Regarding your current transform: How many client_id's do you have? The recalculation you see should only happen for the client_id's that changed. However there is no analysis of co-occurrence: If an old transaction of client A gets updated, but in the 5 minutes time window any update for client B and C happened, transform will still recalculate entries for B and C. It won't recalculate client D and E at least. It might help to reduce frequency to reduce the chance of hitting coincidental updates. You could also create separate transforms based on client_id. It should be possible to let them write into the same destination index.

What I am wondering: In the aggregation part you 2 terms aggregations for status and risk.decision. What if you create separate transforms for those, in this case status and risk.decision would go into the group_by part. This might help reducing the amount of recalculations.

Regarding ILM: No, unfortunately there is no such integration. The idea of having a transform at rollover sounds interesting.

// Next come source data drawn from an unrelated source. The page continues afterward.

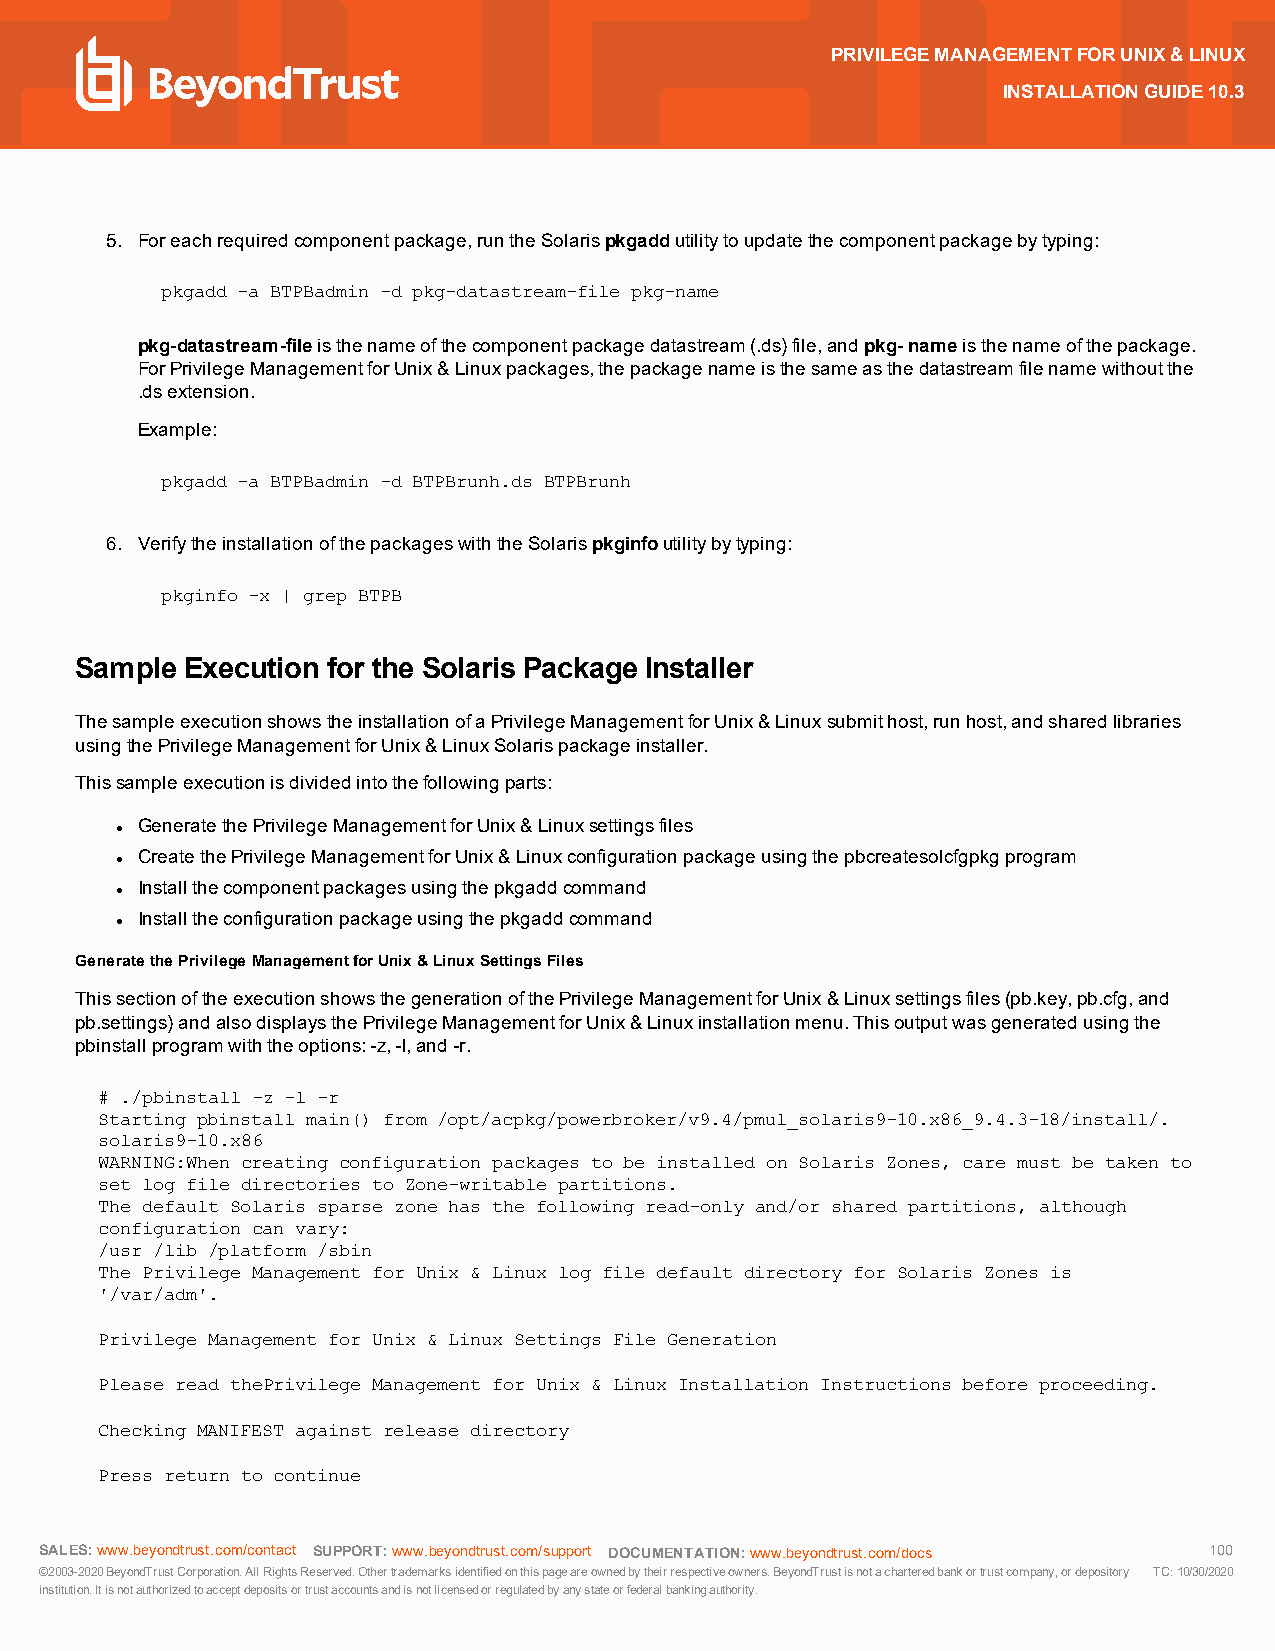
PRIVILEGEMANAGEMENTFORUNIX&LINUX
 INSTALLATIONGUIDE10.3
 5. Foreachrequiredcomponentpackage,runtheSolarispkgaddutilitytoupdatethecomponentpackagebytyping:
 pkgadd -a BTPBadmin -d pkg-datastream-file pkg-name
 pkg-datastream-fileisthenameofthecomponentpackagedatastream(.ds)file,andpkg-nameisthenameofthepackage.
 ForPrivilegeManagementforUnix&Linuxpackages,thepackagenameisthesameasthedatastreamfilenamewithoutthe
 .dsextension.
 Example:
 pkgadd -a BTPBadmin -d BTPBrunh.ds BTPBrunh
 6. VerifytheinstallationofthepackageswiththeSolarispkginfoutilitybytyping:
 pkginfo -x | grep BTPB
 Sample Execution for the Solaris Package Installer
 ThesampleexecutionshowstheinstallationofaPrivilegeManagementforUnix&Linuxsubmithost,runhost,andsharedlibraries
 usingthePrivilegeManagementforUnix&LinuxSolarispackageinstaller.
 Thissampleexecutionisdividedintothefollowingparts:
 GeneratethePrivilegeManagementforUnix&Linuxsettingsfiles
 l
 CreatethePrivilegeManagementforUnix&Linuxconfigurationpackageusingthepbcreatesolcfgpkgprogram
 l
 Installthecomponentpackagesusingthepkgaddcommand
 l
 Installtheconfigurationpackageusingthepkgaddcommand
 l
 GeneratethePrivilegeManagementforUnix&LinuxSettingsFiles
 ThissectionoftheexecutionshowsthegenerationofthePrivilegeManagementforUnix&Linuxsettingsfiles(pb.key,pb.cfg,and
 pb.settings)andalsodisplaysthePrivilegeManagementforUnix&Linuxinstallationmenu.Thisoutputwasgeneratedusingthe
 pbinstallprogramwiththeoptions:-z,-l,and-r.
 # ./pbinstall -z -l -r
 Starting pbinstall main() from /opt/acpkg/powerbroker/v9.4/pmul_solaris9-10.x86_9.4.3-18/install/.
 solaris9-10.x86
 WARNING:When creating configuration packages to be installed on Solaris Zones, care must be taken to
 set log file directories to Zone-writable partitions.
 The default Solaris sparse zone has the following read-only and/or shared partitions, although
 configuration can vary:
 /usr /lib /platform /sbin
 The Privilege Management for Unix & Linux log file default directory for Solaris Zones is
 '/var/adm'.
 Privilege Management for Unix & Linux Settings File Generation
 Please read thePrivilege Management for Unix & Linux Installation Instructions before proceeding.
 Checking MANIFEST against release directory
 Press return to continue
 SALES:www.beyondtrust.com/contact SUPPORT:www.beyondtrust.com/support DOCUMENTATION:www.beyondtrust.com/docs 100
 ©2003-2020BeyondTrustCorporation.AllRightsReserved.Othertrademarksidentifiedonthispageareownedbytheirrespectiveowners.BeyondTrustisnotacharteredbankortrustcompany,ordepository TC:10/30/2020
 institution.Itisnotauthorizedtoacceptdepositsortrustaccountsandisnotlicensedorregulatedbyanystateorfederalbankingauthority.

Thanks @Hendrik_Muhs for the ideas. There are currently around 100 client_ids, but this will grow to a higher number. I also like the idea of separating the aggregations into different transforms. For now, we are going with the approach of handling these cases separately in the application, and manually recalculating the buckets to update the transform destination, since that seems like the most optimal solution for our use case. I will report back if we run into any problems with that.

This topic was automatically closed 28 days after the last reply. New replies are no longer allowed.